RAG over history: for very long sessions, embed past messages in a vector store and retrieve relevant ones per query. Expensive to build, powerful for long-running agents.

Tiered approach (recommended):

1. Always include system prompt + last 5 turns (recency bias)
2. Inject a compressed summary of older turns
3. Retrieve up to 3 semantically relevant older turns if the query seems to reference past context

6. Multi-User Scaling

• Stateless API tier: each chat request includes session ID; service loads history from Redis/DB
• WebSocket management: maintain connection pools; route user connections to the same backend instance to avoid re-establishing WebSocket sessions (sticky sessions or a connection registry)
• LLM request queue: under load, queue LLM requests rather than dropping them; prioritize paying/premium users
• Rate limiting: per-user token budget (daily/monthly), per-IP request limiting

7. Safety and Guardrails

Two layers:

Input guardrails (before sending to LLM):

• Content classifier: detect prompt injection, jailbreaks, policy violations
• PII detection: optionally redact before sending to external LLM APIs
• Fast, low-latency — run with a small classifier model or rule-based filter

Output guardrails (before sending to user):

• Toxicity filter on model output
• PII detection on responses (in case model echoes sensitive input)
• Safety threshold varies by use case (consumer product vs. developer tool)

Tradeoff: output filters require buffering the full response, adding latency and breaking streaming UX. Consider async post-processing + flagging rather than blocking for most cases.

Common Follow-ups

1. "How would you handle a conversation that references an image the user uploaded?" Store the image in object storage (S3); include a reference ID in the conversation history.
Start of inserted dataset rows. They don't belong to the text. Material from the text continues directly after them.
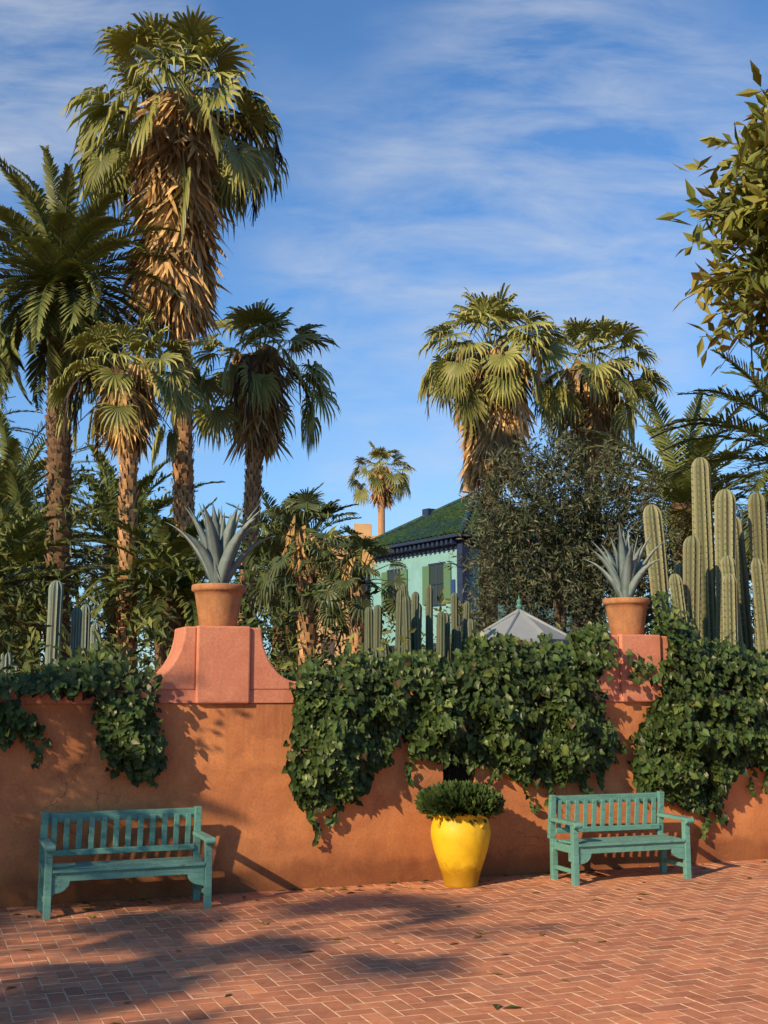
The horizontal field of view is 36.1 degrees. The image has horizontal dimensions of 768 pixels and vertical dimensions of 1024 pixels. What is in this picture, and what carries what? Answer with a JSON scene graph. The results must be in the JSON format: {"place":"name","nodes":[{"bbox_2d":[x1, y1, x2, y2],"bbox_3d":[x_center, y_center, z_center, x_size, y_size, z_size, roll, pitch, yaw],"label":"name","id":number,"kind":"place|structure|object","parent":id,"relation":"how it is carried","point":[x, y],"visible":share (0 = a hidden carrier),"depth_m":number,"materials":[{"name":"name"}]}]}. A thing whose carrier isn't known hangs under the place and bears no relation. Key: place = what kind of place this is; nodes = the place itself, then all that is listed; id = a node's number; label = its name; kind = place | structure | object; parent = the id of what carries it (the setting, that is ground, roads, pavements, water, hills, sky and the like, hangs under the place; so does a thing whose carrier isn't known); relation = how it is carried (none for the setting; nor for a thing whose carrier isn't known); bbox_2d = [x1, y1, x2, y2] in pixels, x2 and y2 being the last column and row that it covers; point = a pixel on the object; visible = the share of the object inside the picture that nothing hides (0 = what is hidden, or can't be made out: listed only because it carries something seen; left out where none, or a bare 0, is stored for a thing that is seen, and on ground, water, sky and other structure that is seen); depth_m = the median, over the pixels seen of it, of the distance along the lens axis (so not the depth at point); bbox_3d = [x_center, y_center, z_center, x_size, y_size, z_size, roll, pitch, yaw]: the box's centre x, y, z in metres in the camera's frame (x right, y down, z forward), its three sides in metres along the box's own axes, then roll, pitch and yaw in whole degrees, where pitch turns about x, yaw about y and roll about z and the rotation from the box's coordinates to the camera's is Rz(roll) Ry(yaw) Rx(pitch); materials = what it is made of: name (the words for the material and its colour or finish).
{"place":"outdoors","nodes":[
{"label":"outdoors","id":0,"kind":"place"},
{"bbox_2d":[138,554,197,645],"bbox_3d":[-4.014,1.584,22.012,1.854,2.455,1.707,0,-9,0],"label":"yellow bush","id":1,"kind":"object","parent":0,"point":[143,571],"visible":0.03,"depth_m":21.79,"materials":[{"name":"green plant"}]},
{"bbox_2d":[315,524,376,666],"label":"building","id":2,"kind":"structure","parent":0,"point":[366,529],"depth_m":89.75,"materials":[{"name":"brown"}]},
{"bbox_2d":[0,859,767,1023],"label":"paving","id":3,"kind":"structure","parent":0,"point":[675,947],"depth_m":8.58,"materials":[{"name":"brick"}]},
{"bbox_2d":[37,806,215,919],"bbox_3d":[-2.284,3.083,10.434,1.468,0.843,0.612,3,-9,-21],"label":"bench","id":4,"kind":"object","parent":3,"relation":"on","point":[57,878],"visible":1,"depth_m":10.48,"materials":[{"name":"paint"}]},
{"bbox_2d":[6,861,765,1023],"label":"fallen leaves","id":5,"kind":"object","parent":3,"relation":"on","point":[496,1006],"visible":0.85,"depth_m":10.61,"materials":[{"name":"brown plant"}]},
{"bbox_2d":[430,813,490,887],"bbox_3d":[0.761,3.336,11.683,0.609,0.720,0.609,3,-9,-21],"label":"plant pot","id":6,"kind":"object","parent":3,"relation":"on","point":[460,843],"visible":0.75,"depth_m":11.47,"materials":[{"name":"ceramic"}]},
{"bbox_2d":[414,778,505,825],"bbox_3d":[0.754,2.908,11.745,0.931,0.476,0.924,3,-9,-21],"label":"shrub","id":7,"kind":"object","parent":6,"relation":"in","point":[453,798],"visible":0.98,"depth_m":11.49,"materials":[{"name":"green plant"}]},
{"bbox_2d":[547,791,693,885],"bbox_3d":[2.428,3.337,12.104,1.388,0.843,0.612,3,-9,-20],"label":"bench","id":8,"kind":"object","parent":3,"relation":"on","point":[577,849],"visible":1,"depth_m":12.13,"materials":[{"name":"paint"}]},
{"bbox_2d":[0,0,767,671],"label":"sky","id":9,"kind":"structure","parent":0,"point":[433,150],"materials":[{"name":"blue"}]},
{"bbox_2d":[363,492,583,657],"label":"villa building","id":10,"kind":"structure","parent":0,"point":[424,544],"depth_m":44.01,"materials":[{"name":"blue"}]},
{"bbox_2d":[656,56,767,397],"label":"overhanging branch","id":11,"kind":"object","parent":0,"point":[742,222],"visible":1,"depth_m":6.80,"materials":[{"name":"green plant"}]},
{"label":"ground","id":12,"kind":"structure","parent":0,"visible":0},
{"bbox_2d":[0,396,45,477],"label":"date palm","id":13,"kind":"object","parent":12,"relation":"on","point":[17,428],"visible":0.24,"depth_m":43.36,"materials":[{"name":"green plant"}]},
{"bbox_2d":[0,580,100,677],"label":"cactus","id":14,"kind":"object","parent":12,"relation":"on","point":[82,635],"visible":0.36,"depth_m":17.57,"materials":[{"name":"green plant"}]},
{"bbox_2d":[0,408,108,643],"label":"date palm","id":15,"kind":"object","parent":12,"relation":"on","point":[11,449],"visible":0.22,"depth_m":35.83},
{"bbox_2d":[0,472,115,673],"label":"date palm","id":16,"kind":"object","parent":12,"relation":"on","point":[20,530],"visible":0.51,"depth_m":21.81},
{"bbox_2d":[0,459,119,673],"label":"date palm","id":17,"kind":"object","parent":12,"relation":"on","point":[16,481],"visible":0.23,"depth_m":26.46,"materials":[{"name":"green plant"}]},
{"bbox_2d":[0,145,187,666],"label":"date palm","id":18,"kind":"object","parent":12,"relation":"on","point":[61,244],"visible":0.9,"depth_m":22.70,"materials":[{"name":"green plant"}]},
{"bbox_2d":[11,442,224,649],"bbox_3d":[-6.824,2.235,30.103,5.671,8.451,5.692,0,-9,0],"label":"date palm","id":19,"kind":"object","parent":12,"relation":"on","point":[141,485],"visible":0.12,"depth_m":29.59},
{"bbox_2d":[46,312,212,669],"bbox_3d":[-4.512,0.671,20.605,2.864,8.682,2.750,0,-9,0],"label":"palm","id":20,"kind":"object","parent":12,"relation":"on","point":[126,413],"visible":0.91,"depth_m":20.67,"materials":[{"name":"green plant"}]},
{"bbox_2d":[59,496,277,671],"bbox_3d":[-3.590,2.294,19.812,3.517,5.229,3.465,-7,-11,39],"label":"date palm","id":21,"kind":"object","parent":12,"relation":"on","point":[180,544],"visible":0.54,"depth_m":19.64,"materials":[{"name":"green plant"}]},
{"bbox_2d":[59,4,289,607],"bbox_3d":[-4.346,-2.488,23.501,4.784,15.812,4.711,0,-9,0],"label":"tall palm","id":22,"kind":"object","parent":12,"relation":"on","point":[187,160],"visible":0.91,"depth_m":23.71,"materials":[{"name":"green plant"}]},
{"bbox_2d":[191,298,341,627],"bbox_3d":[-2.947,0.406,27.202,3.881,11.200,3.905,0,-9,0],"label":"palm","id":23,"kind":"object","parent":12,"relation":"on","point":[253,385],"visible":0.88,"depth_m":27.29,"materials":[{"name":"green plant"}]},
{"bbox_2d":[202,483,371,671],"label":"date palm","id":24,"kind":"object","parent":12,"relation":"on","point":[297,520],"visible":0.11,"depth_m":29.70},
{"bbox_2d":[243,487,364,668],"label":"palm tree","id":25,"kind":"object","parent":12,"relation":"on","point":[309,501],"visible":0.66,"depth_m":18.39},
{"bbox_2d":[299,534,410,656],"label":"palm tree","id":26,"kind":"object","parent":12,"relation":"on","point":[357,585],"visible":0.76,"depth_m":17.38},
{"bbox_2d":[346,442,415,535],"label":"palm","id":27,"kind":"object","parent":12,"relation":"on","point":[380,477],"visible":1,"depth_m":66.61,"materials":[{"name":"green plant"}]},
{"bbox_2d":[0,690,767,907],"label":"garden wall","id":28,"kind":"structure","parent":12,"relation":"on","point":[225,763],"depth_m":11.42,"materials":[{"name":"orange paint"}]},
{"bbox_2d":[143,625,295,703],"bbox_3d":[-1.654,1.517,11.670,1.530,0.749,0.560,3,-9,-21],"label":"pedestal","id":29,"kind":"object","parent":28,"relation":"on","point":[221,664],"depth_m":11.41,"materials":[{"name":"paint"}]},
{"bbox_2d":[191,583,245,625],"bbox_3d":[-1.652,0.940,11.753,0.540,0.418,0.540,0,-9,0],"label":"pot","id":30,"kind":"object","parent":29,"relation":"on","point":[218,604],"visible":0.91,"depth_m":11.56,"materials":[{"name":"ceramic"}]},
{"bbox_2d":[165,502,274,582],"bbox_3d":[-1.634,0.342,11.815,0.957,0.891,1.082,8,-11,-41],"label":"agave","id":31,"kind":"object","parent":30,"relation":"on","point":[216,549],"visible":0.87,"depth_m":11.69,"materials":[{"name":"grey plant"}]},
{"bbox_2d":[0,590,767,846],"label":"ivy creeper","id":32,"kind":"object","parent":28,"relation":"attached to","point":[341,741],"visible":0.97,"depth_m":12.21,"materials":[{"name":"green plant"}]},
{"bbox_2d":[443,752,472,782],"bbox_3d":[0.762,2.736,12.264,0.376,0.496,0.018,3,-9,-21],"label":"grille window","id":33,"kind":"structure","parent":28,"relation":"attached to","point":[457,772],"depth_m":12.27,"materials":[{"name":"grey metal"}]},
{"bbox_2d":[585,634,678,701],"bbox_3d":[2.780,1.782,13.410,1.530,0.749,0.560,3,-9,-21],"label":"pedestal","id":34,"kind":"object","parent":28,"relation":"on","point":[647,646],"depth_m":13.13,"materials":[{"name":"paint"}]},
{"bbox_2d":[602,597,649,634],"bbox_3d":[2.781,1.205,13.494,0.540,0.418,0.540,0,-9,0],"label":"pot","id":35,"kind":"object","parent":34,"relation":"on","point":[626,615],"visible":0.83,"depth_m":13.30,"materials":[{"name":"ceramic"}]},
{"bbox_2d":[583,524,665,596],"bbox_3d":[2.774,0.601,13.570,0.943,0.903,0.850,0,-9,0],"label":"agave","id":36,"kind":"object","parent":35,"relation":"on","point":[626,568],"visible":0.88,"depth_m":13.48,"materials":[{"name":"grey plant"}]},
{"bbox_2d":[0,451,767,684],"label":"shrubs","id":37,"kind":"object","parent":12,"relation":"on","point":[14,634],"visible":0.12,"depth_m":19.07,"materials":[{"name":"green plant"}]},
{"bbox_2d":[364,584,475,669],"bbox_3d":[0.505,2.608,15.857,1.558,3.415,1.414,0,-9,0],"label":"cactus","id":38,"kind":"object","parent":12,"relation":"on","point":[408,615],"visible":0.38,"depth_m":15.82,"materials":[{"name":"green plant"}]},
{"bbox_2d":[416,283,574,630],"bbox_3d":[3.294,0.119,34.455,4.740,13.952,4.629,0,-9,0],"label":"palm","id":39,"kind":"object","parent":12,"relation":"on","point":[487,388],"visible":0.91,"depth_m":34.11,"materials":[{"name":"green plant"}]},
{"bbox_2d":[476,596,569,662],"bbox_3d":[2.006,2.860,17.266,1.571,3.340,1.571,0,-9,0],"label":"parasol","id":40,"kind":"object","parent":12,"relation":"on","point":[520,624],"visible":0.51,"depth_m":17.07,"materials":[{"name":"grey fabric"}]},
{"bbox_2d":[439,413,691,654],"bbox_3d":[3.377,1.727,20.991,4.846,6.783,3.637,0,-9,0],"label":"olive tree","id":41,"kind":"object","parent":12,"relation":"on","point":[559,589],"visible":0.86,"depth_m":20.59,"materials":[{"name":"green plant"}]},
{"bbox_2d":[528,315,673,626],"bbox_3d":[6.825,0.560,37.507,4.531,13.996,4.719,7,-11,-37],"label":"palm","id":42,"kind":"object","parent":12,"relation":"on","point":[595,402],"visible":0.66,"depth_m":37.26,"materials":[{"name":"leaf"},{"name":"bark"}]},
{"bbox_2d":[551,375,767,613],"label":"date palm","id":43,"kind":"object","parent":12,"relation":"on","point":[679,497],"visible":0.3,"depth_m":27.85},
{"bbox_2d":[643,457,767,661],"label":"cactus","id":44,"kind":"object","parent":12,"relation":"on","point":[721,611],"visible":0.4,"depth_m":15.82,"materials":[{"name":"green plant"}]},
{"bbox_2d":[646,329,767,608],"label":"date palm","id":45,"kind":"object","parent":12,"relation":"on","point":[744,427],"visible":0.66,"depth_m":21.39,"materials":[{"name":"green plant"}]}
]}

At query time, fetch the image, encode it as base64, and include it in the multimodal LLM request alongside the text history.

2. "How do you prevent users from extracting the system prompt?" You can't fully prevent it — the LLM has access to the system prompt and can be instructed to reveal it. Mitigations: instruct the model not to repeat the system prompt, use server-side prompt injection detection, but accept this as a known limitation.

3. "How would you design user memory across sessions?" Extract facts from conversations (name, preferences, past topics) using a structured extraction prompt. Store as a user profile in Postgres. Inject relevant profile facts as part of the system prompt for future sessions.